INFORMATION Block Start

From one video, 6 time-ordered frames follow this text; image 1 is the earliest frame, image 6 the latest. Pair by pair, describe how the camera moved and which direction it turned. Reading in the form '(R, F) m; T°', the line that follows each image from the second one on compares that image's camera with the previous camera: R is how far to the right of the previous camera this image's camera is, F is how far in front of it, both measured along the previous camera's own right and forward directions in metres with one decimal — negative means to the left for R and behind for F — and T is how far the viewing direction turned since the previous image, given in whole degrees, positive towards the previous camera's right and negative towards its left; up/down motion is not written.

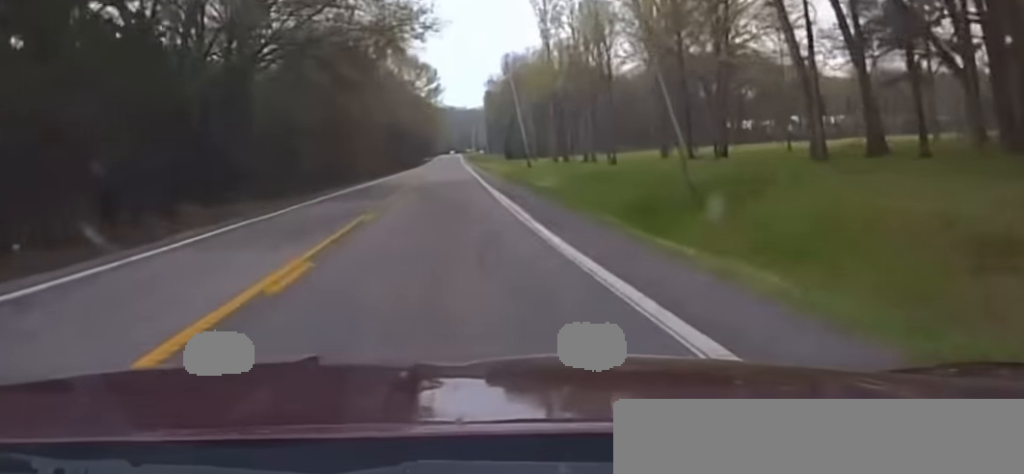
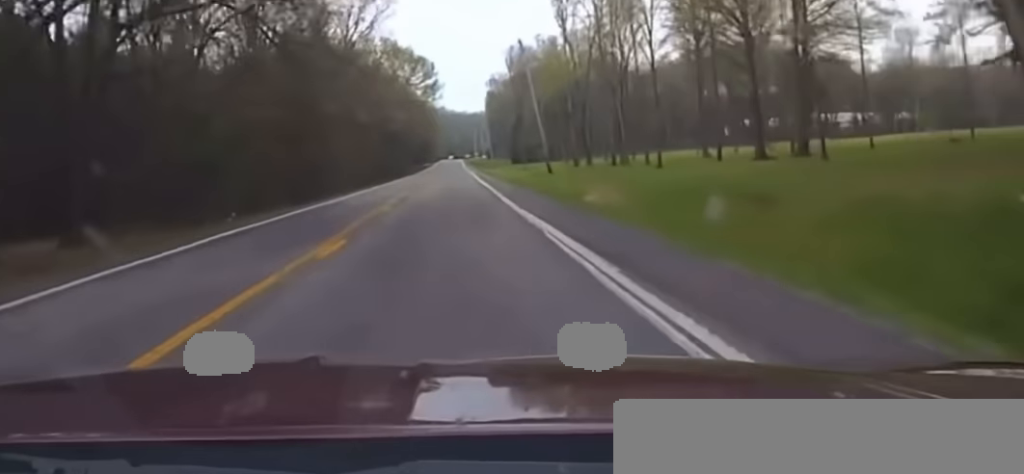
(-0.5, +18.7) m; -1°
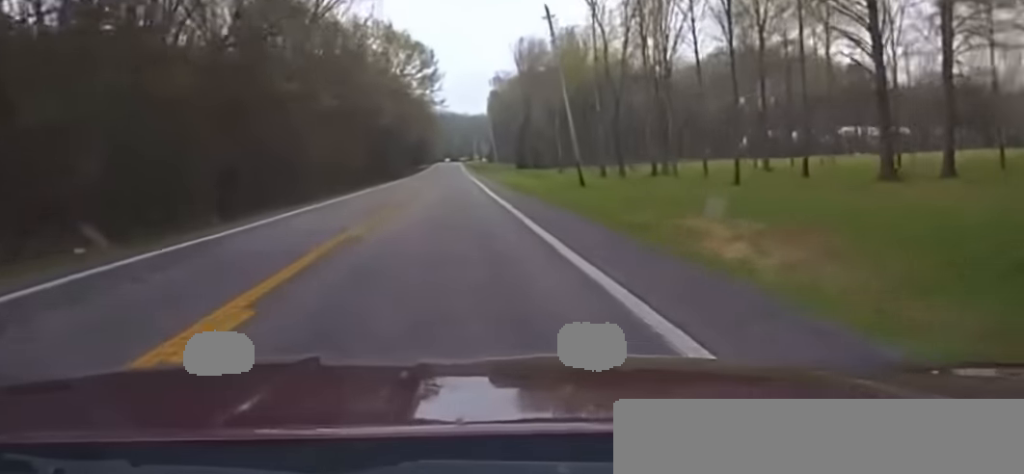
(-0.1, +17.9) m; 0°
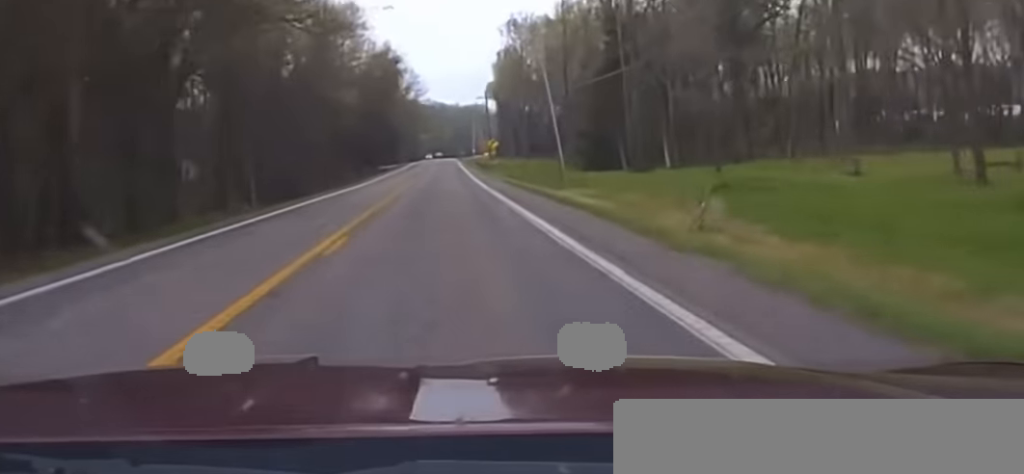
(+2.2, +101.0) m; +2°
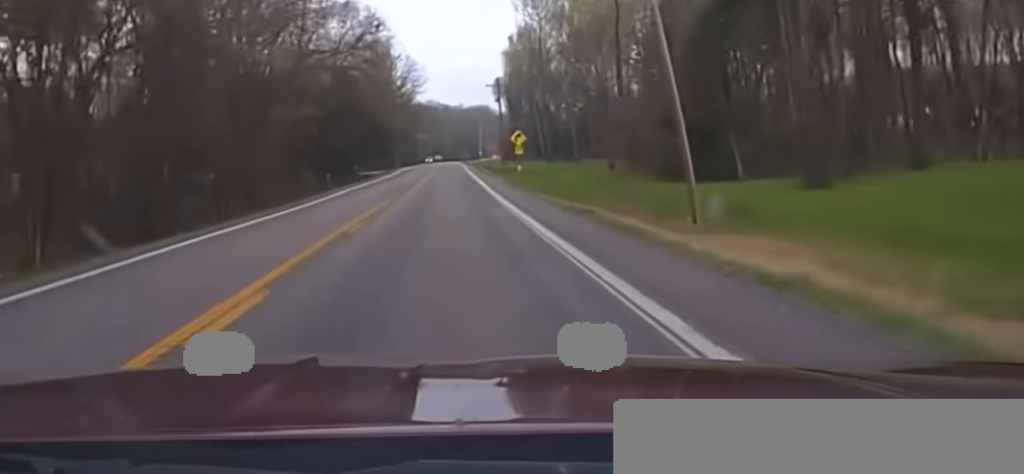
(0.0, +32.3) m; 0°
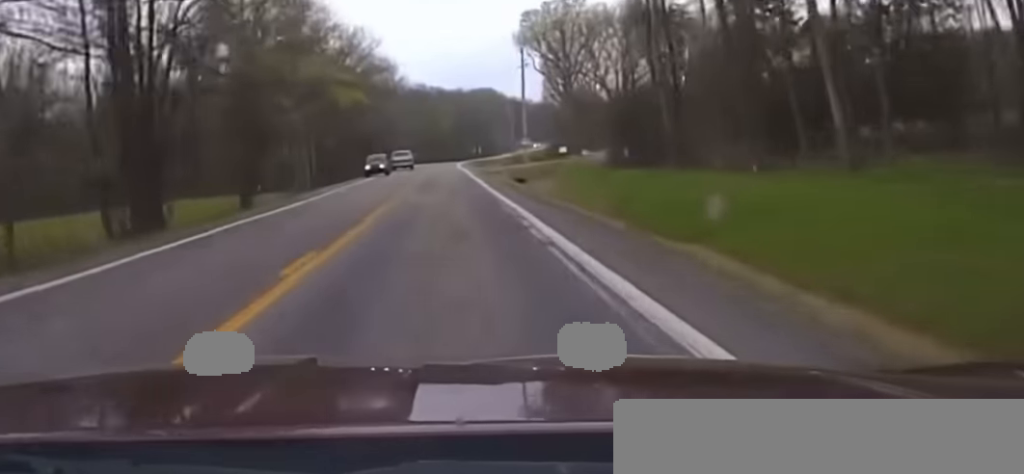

INFORMATION Block End

-- PROBLEM DESCRIPTION --
Copy every record above exactly as written, but leave out the pictures.

-- TASK RESULT --
From one video, 6 time-ordered frames follow this text; image 1 is the earliest frame, image 6 the latest. Pair by pair, describe how the camera moved and which direction it turned. Reading in the form '(R, F) m; T°', the line that follows each image from the second one on compares that image's camera with the previous camera: R is how far to the right of the previous camera this image's camera is, F is how far in front of it, both measured along the previous camera's own right and forward directions in metres with one decimal — negative means to the left for R and behind for F — and T is how far the viewing direction turned since the previous image, given in whole degrees, positive towards the previous camera's right and negative towards its left; up/down motion is not written.

(-0.5, +18.7) m; -1°
(-0.1, +17.9) m; 0°
(+2.2, +101.0) m; +2°
(0.0, +32.3) m; 0°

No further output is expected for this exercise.